Für die Pflege der fettigen, unreinen Haut eignet sich besonders eine Sonnenblumenmaske. Hierzu benötigt man eine handvoll geschälte Sonnenblumenkerne, einen Teelöffel reinen Bienenhonig und einen Teelöffel reines Pflanzenöl. Die zu feinem Pulver gemahlenen Sonnenblumenkerne verrührt man mit dem Bienenhonig, dem Pflanzenöl und etwas warmen Wasser zu einem gut streichfähigen Brei. Die lauwarme Paste wird auf die gut gereinigte Haut aufgetragen und nach 30 Minuten mit viel lauwarmen Wasser wieder abgewaschen. Diese Maske kann zur Verbesserung des Hautbildes über einen längeren Zeitraum angewandt werden. Sie ist dank der Sonnenblumenkerne reich an Vitamin E, Öl und Lezithin und bildet mit dem Pflanzenöl und dem Bienenhonig eine gute Wirkstoffkombination. Bei schweren Akneformen und besonders geschädigter Haut, sollte aber vor der Anwendung der Maske der behandelnde Dermatologe befragt werden.

Peeling

Unter einem Peeling versteht man eine Hautreinigung, bei die oberen verhornten Hautschichten abgeschält werden. Es versteht sich von selbst, dass ein Peeling bei einer sehr trockenen, geschädigten Haut nicht ratsam ist. In erster Linie sind Peelings bei fettiger Haut, die zu Unreinheiten neigt sinnvoll.

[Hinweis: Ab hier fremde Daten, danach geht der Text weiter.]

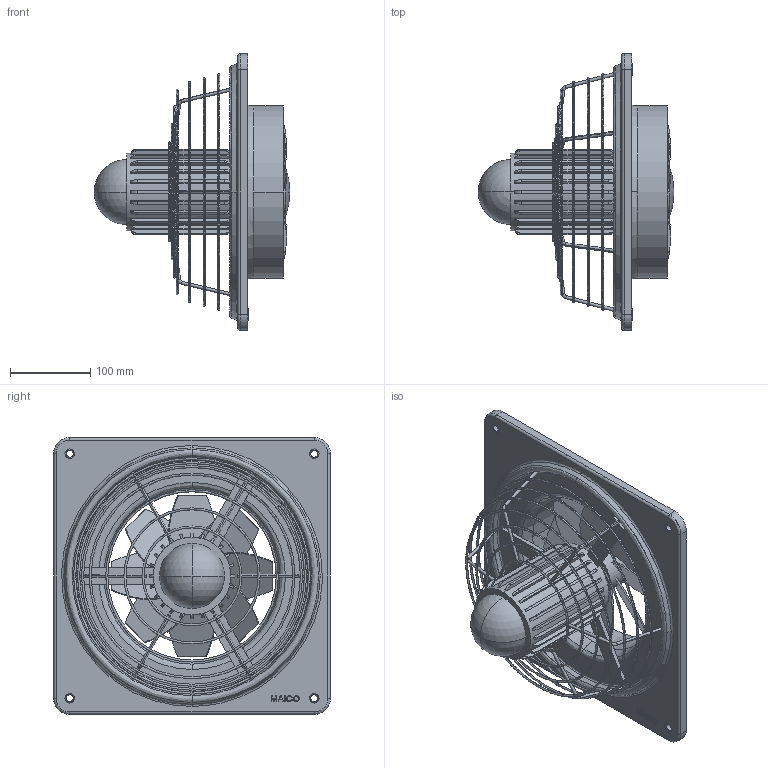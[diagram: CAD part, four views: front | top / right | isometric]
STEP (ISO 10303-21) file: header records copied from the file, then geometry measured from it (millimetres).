
FILE_DESCRIPTION (( 'STEP AP214' ), '1' );
FILE_NAME ('0083-0116.STEP', '2015-05-11T07:56:56', ( '' ), ( '' ), 'SwSTEP 2.0', 'SolidWorks 2013', '' );
FILE_SCHEMA (( 'AUTOMOTIVE_DESIGN' ));
Length unit declared in the file: millimetre
Products named in the file (1): 0083-0116
Bounding box: 244 x 345 x 345 mm (x, y, z)
Volume: 1685415.8 mm3; surface area: 527586.6 mm2
Topology: 1 solids, 1 shells, 578 faces, 1654 edges, 1061 vertices
Faces by surface type: plane 289, cylinder 108, bspline 92, torus 48, cone 35, sphere 6
Entity records: 33085 total; most frequent: CARTESIAN_POINT 12286, ORIENTED_EDGE 3300, DIRECTION 2649, EDGE_CURVE 1650, VERTEX_POINT 1061, AXIS2_PLACEMENT_3D 932, LINE 785, VECTOR 785

Das Peeling kann mit käuflichen Peelingpasten oder -masken durchgeführt werden. Es können aber auch andere geeignete Substanzen verwendet werden, wie zum Beispiel geriebene Mandelkleie. Die Substanzen zum Peeling werden auf die feuchte Haut aufgetragen und mit sanften kreisenden Bewegungen auf der Haut verteilt. Die Augenpartie sollte dabei ausgespart werden. Das Massieren sollte, um Verletzungen der Haut zu vermeiden, nicht übertrieben werden. Anschließend wird die Peelingmasse mit lauwarmen Wasser abgewaschen. Da die Haut durch ein Peeling tendenziell austrocknet, empfiehlt sich im Anschluss die Pflege mit einer zum Hauttyp passenden Creme.